America may be the richest country in the world, but that doesn’t make everyone rich.
According to the U.S. Census, 140 million people live below or just above the poverty line.
That’s 40 percent of the population. It’s more than the total number of voters in the last presidential election.
Organized, it would be a potent force that could remake society.
That’s the message of the Poor People’s Campaign, A National Call for Moral Revival, which came to Maine last week to build support for a march on Washington in June 2020.
Co-led by the Rev. William J. Barber II, a North Carolina civil rights leader known for his “Moral Mondays” protests outside the North Carolina state capitol, the movement is trying to build a coalition that crosses racial and cultural lines, based on a commitment to social and economic justice.
“We are a nonpartisan, moral-fusion movement,” he said, in a brief visit to the Press Herald’s office last week. “It’s a new level of common cause. I tell people that nobody would be spending so much energy trying to divide us if the were not afraid of our unity.”
Part of the challenge is getting people to recognize where they fit into the economic structure.
Poverty is usually defined by income, and the federal government sets a limit linked to family size to determine eligibility for some programs. These days, you are considered poor if your income is below the line, which is about $12,000 for an individual, or $25,000 a year for a family of four.
Roughly 11 percent of Mainers fall under that income line, or about 140,000 people.
But that does not begin to tell the story of economic insecurity Mainers face.
The federal poverty line was determined in the 1950s, when the cost of food reflected about a third of a family’s expenses. It does not take housing costs into account, or health care, transportation or education.
By the official measure, a family with a median income (just under $50,000 in Maine) is automatically considered middle class, even if they are juggling student loans, health insurance premiums, car payments and high rent.
That’s the kind of middle-class family that might not be able to pay a $400 surprise bill, like 40 percent of people in a poll conducted by the Federal Reserve last year. That’s the kind of middle-class family that might not always be able to put a good meal on the table.
That might be middle income, but it’s not middle class. It’s poor, or close enough to it.
According to census figures, 545,000 Mainers come from families that are poor or low income – a figure based on 150 percent of the poverty line ($18,700 for an individual or $38,600 for a family of four). This works out to 129,000 Maine children and 287,000 women.
The Poor People’s Campaign argues very convincingly that this is no accident.
Government policies that favor the rich, like the 2017 tax reform package, have created historic levels of economic inequality, and divisive politics have separated people on racial and religious grounds, keeping them from forming coalitions that could offset the power of wealth.

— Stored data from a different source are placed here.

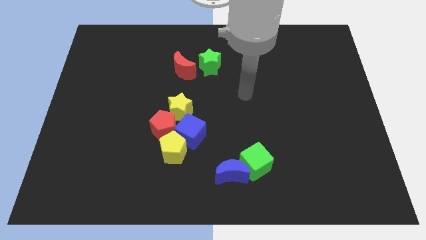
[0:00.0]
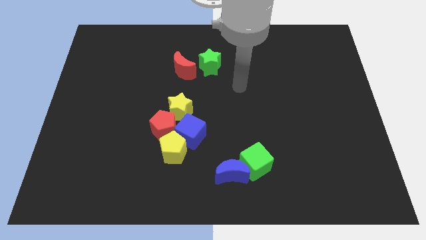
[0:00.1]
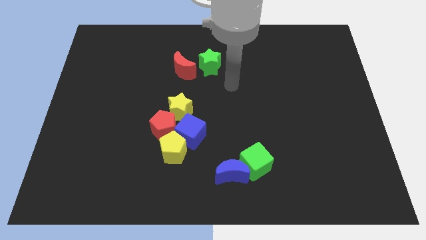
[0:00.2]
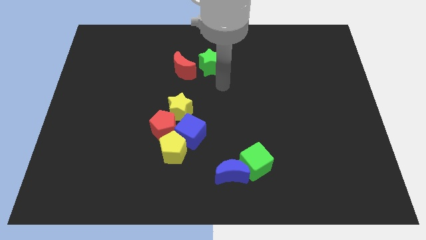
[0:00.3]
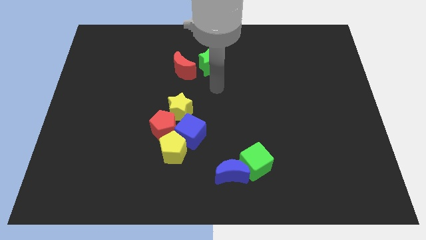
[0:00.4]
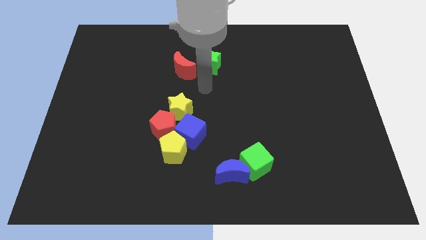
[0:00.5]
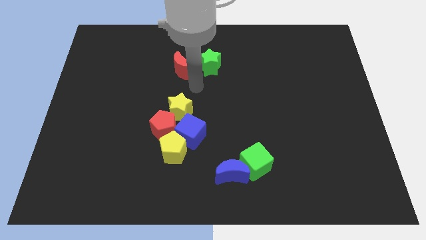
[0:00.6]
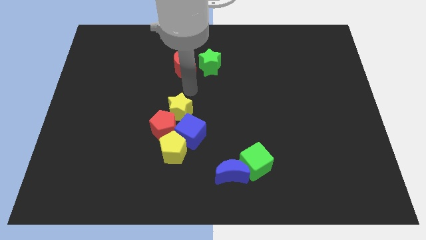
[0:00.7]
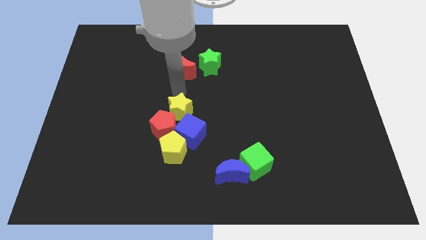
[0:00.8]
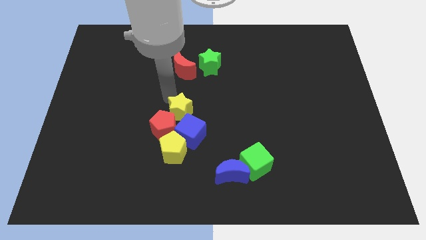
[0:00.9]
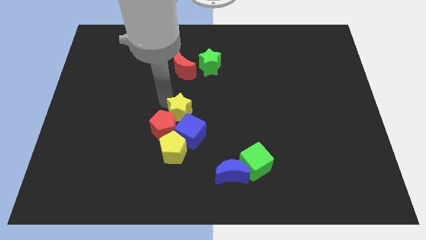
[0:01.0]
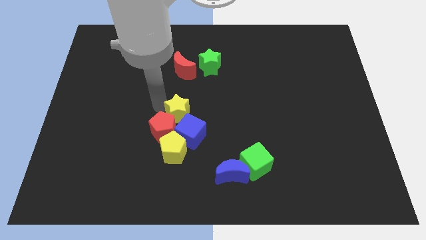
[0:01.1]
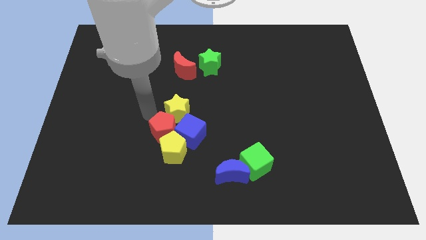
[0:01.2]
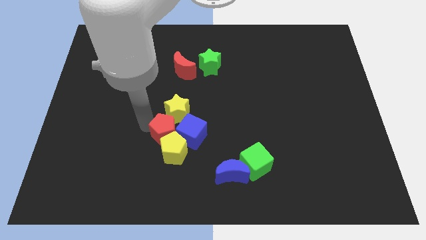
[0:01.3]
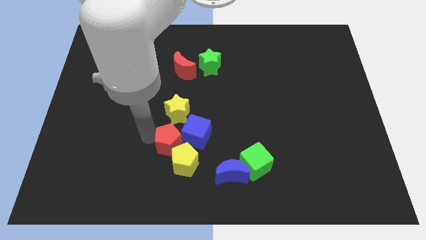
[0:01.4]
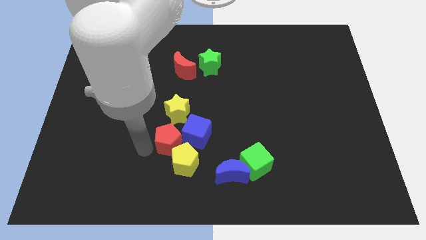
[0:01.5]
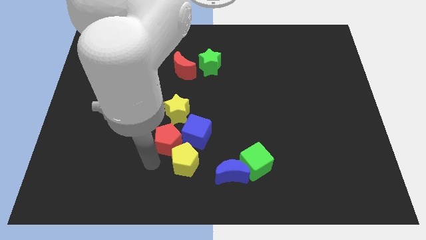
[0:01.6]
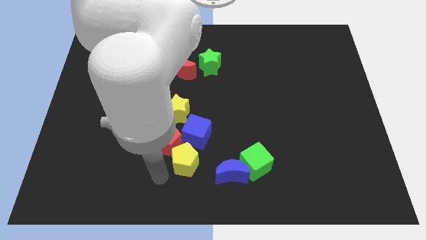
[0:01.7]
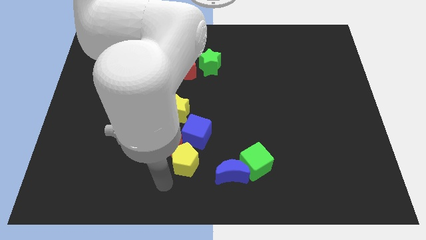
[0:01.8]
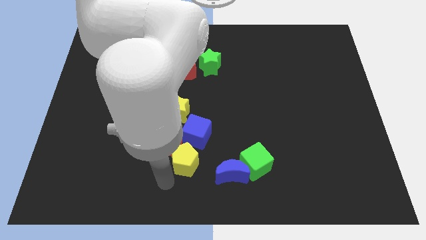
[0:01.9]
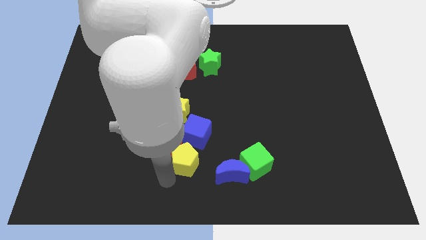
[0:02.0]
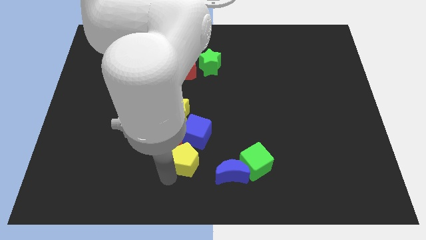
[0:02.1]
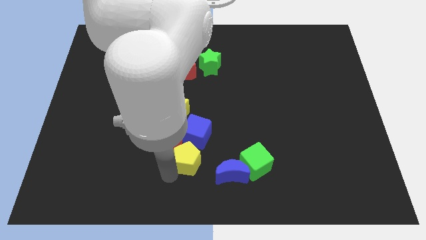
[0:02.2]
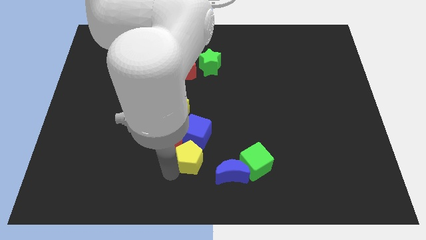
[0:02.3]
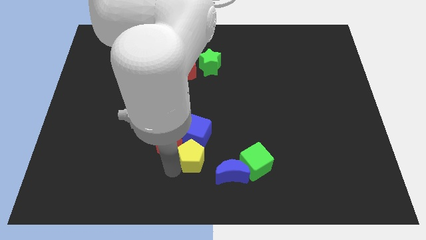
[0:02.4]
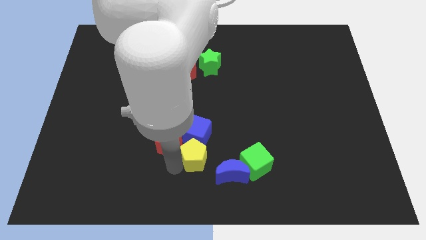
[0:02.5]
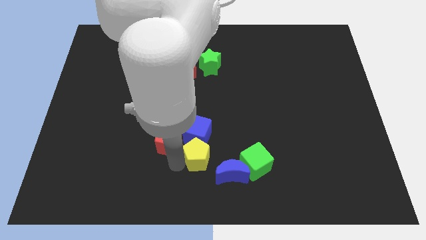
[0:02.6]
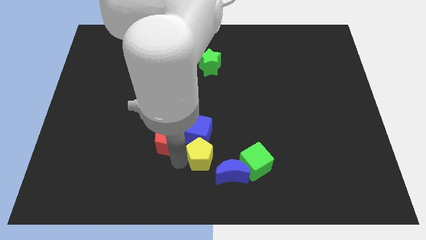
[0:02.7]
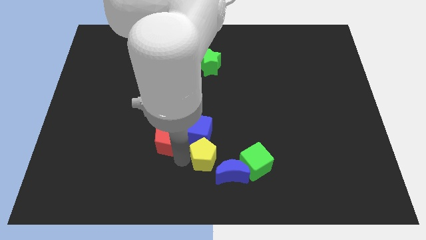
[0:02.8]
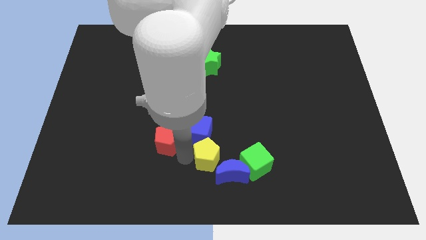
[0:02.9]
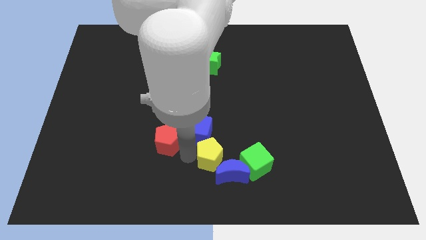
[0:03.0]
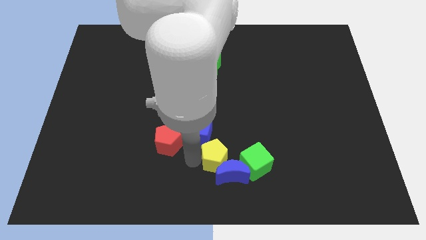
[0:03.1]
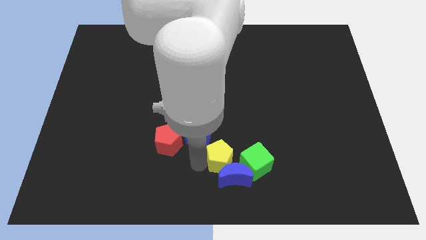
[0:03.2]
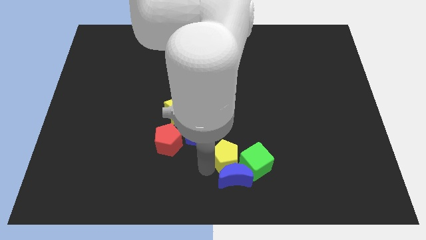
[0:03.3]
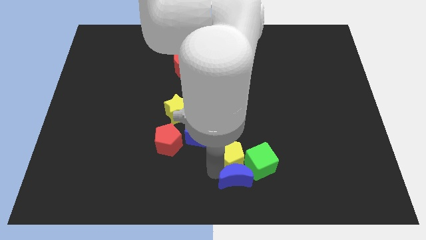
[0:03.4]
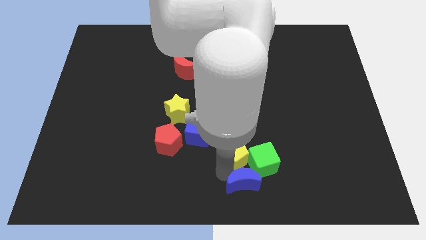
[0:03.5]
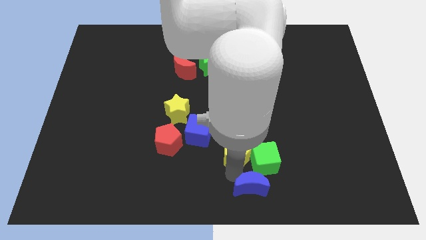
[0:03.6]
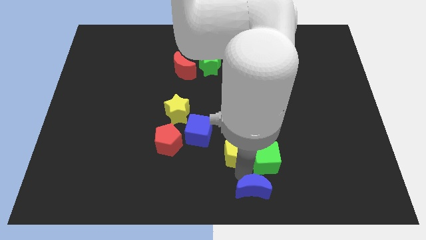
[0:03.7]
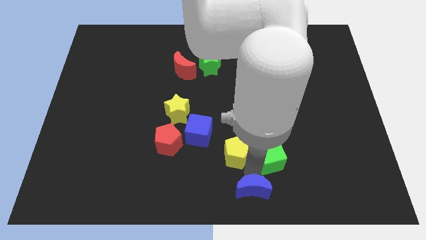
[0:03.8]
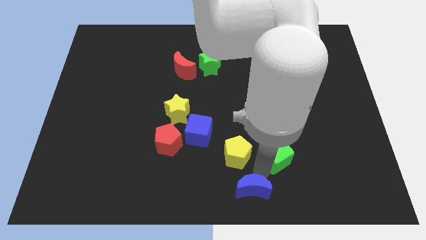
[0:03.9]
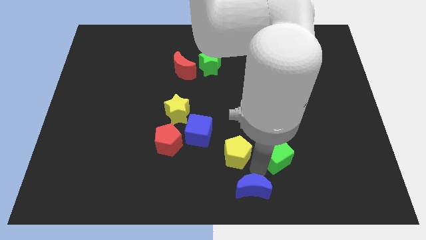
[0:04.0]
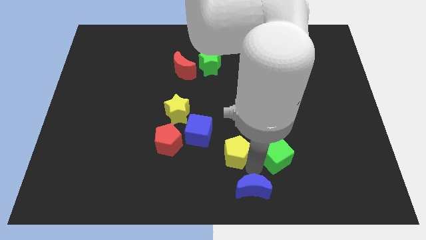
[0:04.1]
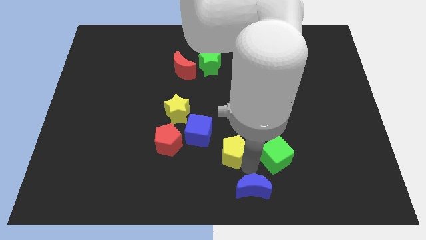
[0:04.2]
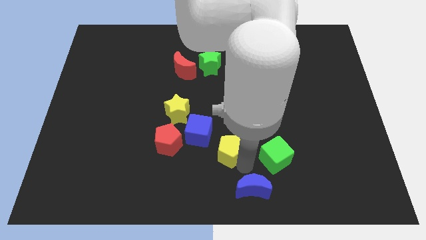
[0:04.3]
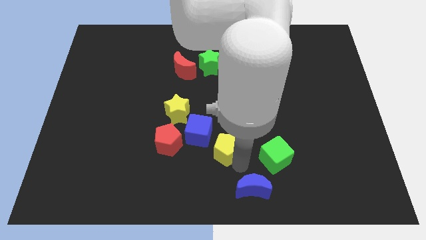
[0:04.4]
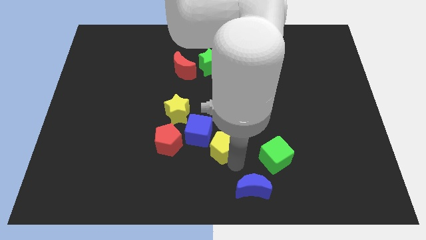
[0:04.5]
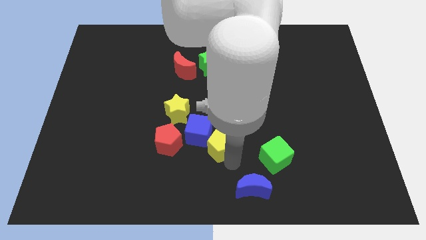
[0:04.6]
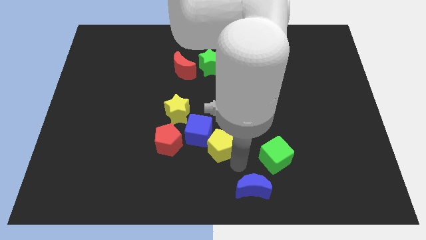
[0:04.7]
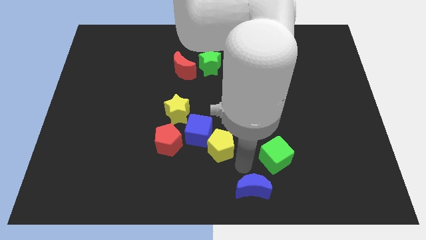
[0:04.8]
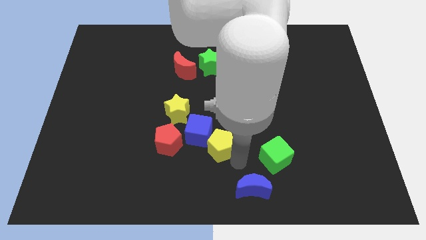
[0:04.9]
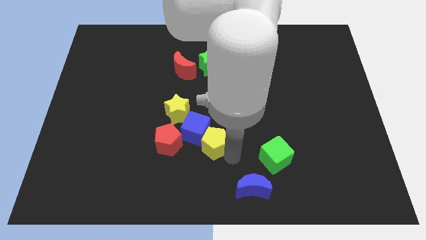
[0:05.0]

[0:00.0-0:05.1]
move the yellow pentagon to the bottom right side of the yellow star

Anti-poverty programs are seen as primarily helping African Americans, even though the majority of poor families are white and have the most to gain if the balance were shifted.

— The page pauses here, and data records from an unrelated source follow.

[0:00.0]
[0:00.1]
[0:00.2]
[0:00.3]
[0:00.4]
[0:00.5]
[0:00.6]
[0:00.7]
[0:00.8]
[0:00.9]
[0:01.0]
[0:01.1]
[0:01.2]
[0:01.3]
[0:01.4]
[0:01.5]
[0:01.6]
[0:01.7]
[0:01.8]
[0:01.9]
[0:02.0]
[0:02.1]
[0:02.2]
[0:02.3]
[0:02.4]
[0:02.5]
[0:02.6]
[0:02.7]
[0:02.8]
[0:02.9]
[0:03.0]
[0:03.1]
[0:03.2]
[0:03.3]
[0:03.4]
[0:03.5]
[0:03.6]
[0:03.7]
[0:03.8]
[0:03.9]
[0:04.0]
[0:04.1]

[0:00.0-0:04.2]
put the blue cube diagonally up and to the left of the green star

The Poor People’s Campaign name comes from the project Martin Luther King Jr. was working on when he was murdered in 1968, but its real roots go a century deeper and speak to the kind of fundamental change it’s trying to effect.
Barber says his model is Reconstruction, when after the Civil War, freed slaves, poor whites and Northern abolitionists were given a brief chance to build a new, more just society. They were able to rewrite state constitutions in the southern states, build hospitals and guarantee universal public education, before they were undone by the white supremacists who regained power in the 1870s.
Barber calls the decade between the Supreme Court’s Brown v. Board of Education decision and the passage of the Civil Rights Act and Voting Rights Act a “Second Reconstruction.” They ended legal segregation, but they did not achieve King’s dream of economic justice.
And he says we are in the beginning of a “Third Reconstruction,” which will put the needs of poor people – broadly defined – ahead of a small wealthy elite.
The new March on Washington, June 20, “the sunniest day of the year,” Barber says, will give the nation a good look at this movement and its capacity to change the course of history.